Excerpts from a dataset
* * *

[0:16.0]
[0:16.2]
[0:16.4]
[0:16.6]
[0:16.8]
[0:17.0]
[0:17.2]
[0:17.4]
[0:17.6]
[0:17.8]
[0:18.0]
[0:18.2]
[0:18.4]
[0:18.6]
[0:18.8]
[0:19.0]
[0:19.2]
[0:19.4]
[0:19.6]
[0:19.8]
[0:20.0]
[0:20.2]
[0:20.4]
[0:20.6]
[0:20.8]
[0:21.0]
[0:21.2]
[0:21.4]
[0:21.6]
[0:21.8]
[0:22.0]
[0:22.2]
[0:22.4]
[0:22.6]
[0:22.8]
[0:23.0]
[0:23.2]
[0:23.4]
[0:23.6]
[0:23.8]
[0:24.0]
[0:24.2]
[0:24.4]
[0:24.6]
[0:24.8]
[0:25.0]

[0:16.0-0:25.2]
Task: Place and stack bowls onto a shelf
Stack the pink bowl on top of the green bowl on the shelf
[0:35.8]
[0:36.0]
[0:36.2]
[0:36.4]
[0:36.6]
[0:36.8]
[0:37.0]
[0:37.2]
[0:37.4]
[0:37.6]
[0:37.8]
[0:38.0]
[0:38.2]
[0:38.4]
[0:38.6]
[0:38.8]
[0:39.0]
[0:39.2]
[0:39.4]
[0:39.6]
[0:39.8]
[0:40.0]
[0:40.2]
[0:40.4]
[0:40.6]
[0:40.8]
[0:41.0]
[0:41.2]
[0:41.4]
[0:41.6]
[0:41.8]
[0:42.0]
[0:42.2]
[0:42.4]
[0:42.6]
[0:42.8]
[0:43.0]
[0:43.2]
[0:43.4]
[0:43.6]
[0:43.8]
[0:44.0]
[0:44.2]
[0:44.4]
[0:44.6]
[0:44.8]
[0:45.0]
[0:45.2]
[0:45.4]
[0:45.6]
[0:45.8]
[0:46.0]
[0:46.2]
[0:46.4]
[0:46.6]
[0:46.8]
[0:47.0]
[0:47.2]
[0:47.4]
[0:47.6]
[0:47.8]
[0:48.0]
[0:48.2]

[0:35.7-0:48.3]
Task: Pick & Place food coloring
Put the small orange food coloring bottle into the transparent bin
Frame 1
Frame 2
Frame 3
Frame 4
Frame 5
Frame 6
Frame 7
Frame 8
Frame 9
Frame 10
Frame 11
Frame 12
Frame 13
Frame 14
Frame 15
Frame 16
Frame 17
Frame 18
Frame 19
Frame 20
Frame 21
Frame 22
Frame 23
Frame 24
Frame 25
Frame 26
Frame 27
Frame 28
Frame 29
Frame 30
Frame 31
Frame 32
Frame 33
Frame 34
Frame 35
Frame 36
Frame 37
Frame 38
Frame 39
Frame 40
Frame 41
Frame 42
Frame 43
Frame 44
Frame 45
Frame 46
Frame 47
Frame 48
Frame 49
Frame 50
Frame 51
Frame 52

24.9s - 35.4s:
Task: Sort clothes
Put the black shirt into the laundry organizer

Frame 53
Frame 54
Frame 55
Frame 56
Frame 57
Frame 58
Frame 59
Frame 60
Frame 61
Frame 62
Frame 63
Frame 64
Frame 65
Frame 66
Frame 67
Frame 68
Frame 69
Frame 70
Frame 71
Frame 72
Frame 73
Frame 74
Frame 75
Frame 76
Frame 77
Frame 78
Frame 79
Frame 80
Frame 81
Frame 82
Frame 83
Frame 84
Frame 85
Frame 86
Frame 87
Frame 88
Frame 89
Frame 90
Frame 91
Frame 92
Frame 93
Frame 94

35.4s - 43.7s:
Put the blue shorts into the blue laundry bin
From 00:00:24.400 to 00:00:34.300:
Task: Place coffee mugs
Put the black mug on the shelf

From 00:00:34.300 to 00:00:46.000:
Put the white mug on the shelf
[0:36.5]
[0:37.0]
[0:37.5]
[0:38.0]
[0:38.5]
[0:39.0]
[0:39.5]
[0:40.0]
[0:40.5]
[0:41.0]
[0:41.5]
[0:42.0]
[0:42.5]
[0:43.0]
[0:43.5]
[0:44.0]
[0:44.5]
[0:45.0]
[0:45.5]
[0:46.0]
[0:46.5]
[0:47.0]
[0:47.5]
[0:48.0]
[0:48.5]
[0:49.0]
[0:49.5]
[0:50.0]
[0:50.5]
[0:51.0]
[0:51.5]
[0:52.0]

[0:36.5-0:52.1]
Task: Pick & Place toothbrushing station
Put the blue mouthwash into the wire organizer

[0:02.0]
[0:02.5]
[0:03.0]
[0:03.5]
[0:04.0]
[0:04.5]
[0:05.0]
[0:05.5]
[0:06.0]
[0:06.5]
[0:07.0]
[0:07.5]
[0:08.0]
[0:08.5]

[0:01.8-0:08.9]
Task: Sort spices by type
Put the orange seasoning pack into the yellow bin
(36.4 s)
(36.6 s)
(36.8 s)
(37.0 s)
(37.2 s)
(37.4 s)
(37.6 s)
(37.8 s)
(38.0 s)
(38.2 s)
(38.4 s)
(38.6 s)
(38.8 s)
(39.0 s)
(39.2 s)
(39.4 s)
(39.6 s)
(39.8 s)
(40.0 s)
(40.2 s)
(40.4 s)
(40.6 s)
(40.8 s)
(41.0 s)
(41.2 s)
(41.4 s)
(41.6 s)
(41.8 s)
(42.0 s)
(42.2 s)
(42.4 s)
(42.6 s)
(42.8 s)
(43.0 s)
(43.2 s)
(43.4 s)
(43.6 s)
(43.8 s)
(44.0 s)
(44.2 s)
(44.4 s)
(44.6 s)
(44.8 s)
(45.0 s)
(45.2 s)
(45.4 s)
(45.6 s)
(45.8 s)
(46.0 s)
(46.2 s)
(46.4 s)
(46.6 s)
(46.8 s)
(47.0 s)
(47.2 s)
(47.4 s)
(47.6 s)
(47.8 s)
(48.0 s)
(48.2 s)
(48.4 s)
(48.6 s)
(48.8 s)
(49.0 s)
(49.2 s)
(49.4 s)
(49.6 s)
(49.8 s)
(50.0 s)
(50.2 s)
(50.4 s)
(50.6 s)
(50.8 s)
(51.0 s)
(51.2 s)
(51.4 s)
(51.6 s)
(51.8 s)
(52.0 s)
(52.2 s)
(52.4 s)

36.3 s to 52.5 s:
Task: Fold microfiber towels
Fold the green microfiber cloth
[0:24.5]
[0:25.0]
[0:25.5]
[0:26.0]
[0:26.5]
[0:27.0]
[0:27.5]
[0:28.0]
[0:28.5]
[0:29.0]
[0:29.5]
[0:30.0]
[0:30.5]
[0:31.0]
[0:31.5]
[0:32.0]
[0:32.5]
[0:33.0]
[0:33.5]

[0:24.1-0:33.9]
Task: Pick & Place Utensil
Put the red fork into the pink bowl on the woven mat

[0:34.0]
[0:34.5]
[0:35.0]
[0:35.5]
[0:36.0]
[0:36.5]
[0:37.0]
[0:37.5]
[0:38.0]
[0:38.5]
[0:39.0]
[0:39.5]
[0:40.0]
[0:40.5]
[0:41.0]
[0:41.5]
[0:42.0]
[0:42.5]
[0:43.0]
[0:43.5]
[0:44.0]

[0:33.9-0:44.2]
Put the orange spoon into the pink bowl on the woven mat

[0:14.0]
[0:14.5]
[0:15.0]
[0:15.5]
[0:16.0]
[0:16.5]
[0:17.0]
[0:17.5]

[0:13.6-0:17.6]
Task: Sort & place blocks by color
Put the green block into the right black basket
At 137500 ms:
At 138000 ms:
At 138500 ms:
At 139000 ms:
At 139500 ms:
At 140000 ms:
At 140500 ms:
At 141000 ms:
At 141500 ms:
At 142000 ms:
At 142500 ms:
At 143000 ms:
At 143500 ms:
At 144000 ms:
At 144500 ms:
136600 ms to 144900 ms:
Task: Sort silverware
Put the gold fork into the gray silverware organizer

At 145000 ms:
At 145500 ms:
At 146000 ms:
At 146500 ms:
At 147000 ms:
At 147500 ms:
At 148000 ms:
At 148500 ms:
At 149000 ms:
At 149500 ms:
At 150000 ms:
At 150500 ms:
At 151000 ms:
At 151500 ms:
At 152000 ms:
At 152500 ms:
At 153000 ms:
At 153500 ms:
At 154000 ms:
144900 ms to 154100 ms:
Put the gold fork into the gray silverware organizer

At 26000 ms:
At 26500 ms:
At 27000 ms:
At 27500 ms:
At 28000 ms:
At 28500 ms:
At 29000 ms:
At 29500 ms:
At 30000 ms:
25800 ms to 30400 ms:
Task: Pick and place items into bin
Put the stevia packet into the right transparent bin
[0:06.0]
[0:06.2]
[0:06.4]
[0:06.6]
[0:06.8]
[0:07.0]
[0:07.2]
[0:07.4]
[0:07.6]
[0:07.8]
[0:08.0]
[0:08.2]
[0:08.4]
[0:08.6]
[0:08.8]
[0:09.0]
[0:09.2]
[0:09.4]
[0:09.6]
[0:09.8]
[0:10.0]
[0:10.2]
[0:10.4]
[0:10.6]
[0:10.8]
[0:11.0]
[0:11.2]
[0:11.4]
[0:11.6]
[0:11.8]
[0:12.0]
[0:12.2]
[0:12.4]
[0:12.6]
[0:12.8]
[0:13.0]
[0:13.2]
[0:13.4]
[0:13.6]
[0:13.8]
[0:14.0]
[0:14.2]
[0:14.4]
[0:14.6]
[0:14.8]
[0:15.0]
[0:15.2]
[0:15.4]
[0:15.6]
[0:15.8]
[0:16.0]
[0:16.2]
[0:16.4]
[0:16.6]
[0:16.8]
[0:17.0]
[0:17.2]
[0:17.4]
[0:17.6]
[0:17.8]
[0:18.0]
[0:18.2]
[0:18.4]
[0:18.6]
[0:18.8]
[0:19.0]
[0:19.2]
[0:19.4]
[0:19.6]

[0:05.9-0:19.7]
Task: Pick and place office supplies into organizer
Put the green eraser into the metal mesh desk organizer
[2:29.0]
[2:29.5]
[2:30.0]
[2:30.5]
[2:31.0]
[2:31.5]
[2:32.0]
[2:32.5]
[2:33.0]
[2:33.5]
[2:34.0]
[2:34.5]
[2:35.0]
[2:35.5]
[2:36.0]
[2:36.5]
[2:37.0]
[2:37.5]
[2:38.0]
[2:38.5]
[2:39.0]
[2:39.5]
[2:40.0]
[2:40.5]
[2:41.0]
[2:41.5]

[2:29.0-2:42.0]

* * *

**Directions for this task:**
Return exactly the run of lines that opens with the one containing "[0:05.9-0:19.7]" and closes with the last line of the records above.

**Exercise result:**
[0:05.9-0:19.7]
Task: Pick and place office supplies into organizer
Put the green eraser into the metal mesh desk organizer
[2:29.0]
[2:29.5]
[2:30.0]
[2:30.5]
[2:31.0]
[2:31.5]
[2:32.0]
[2:32.5]
[2:33.0]
[2:33.5]
[2:34.0]
[2:34.5]
[2:35.0]
[2:35.5]
[2:36.0]
[2:36.5]
[2:37.0]
[2:37.5]
[2:38.0]
[2:38.5]
[2:39.0]
[2:39.5]
[2:40.0]
[2:40.5]
[2:41.0]
[2:41.5]

[2:29.0-2:42.0]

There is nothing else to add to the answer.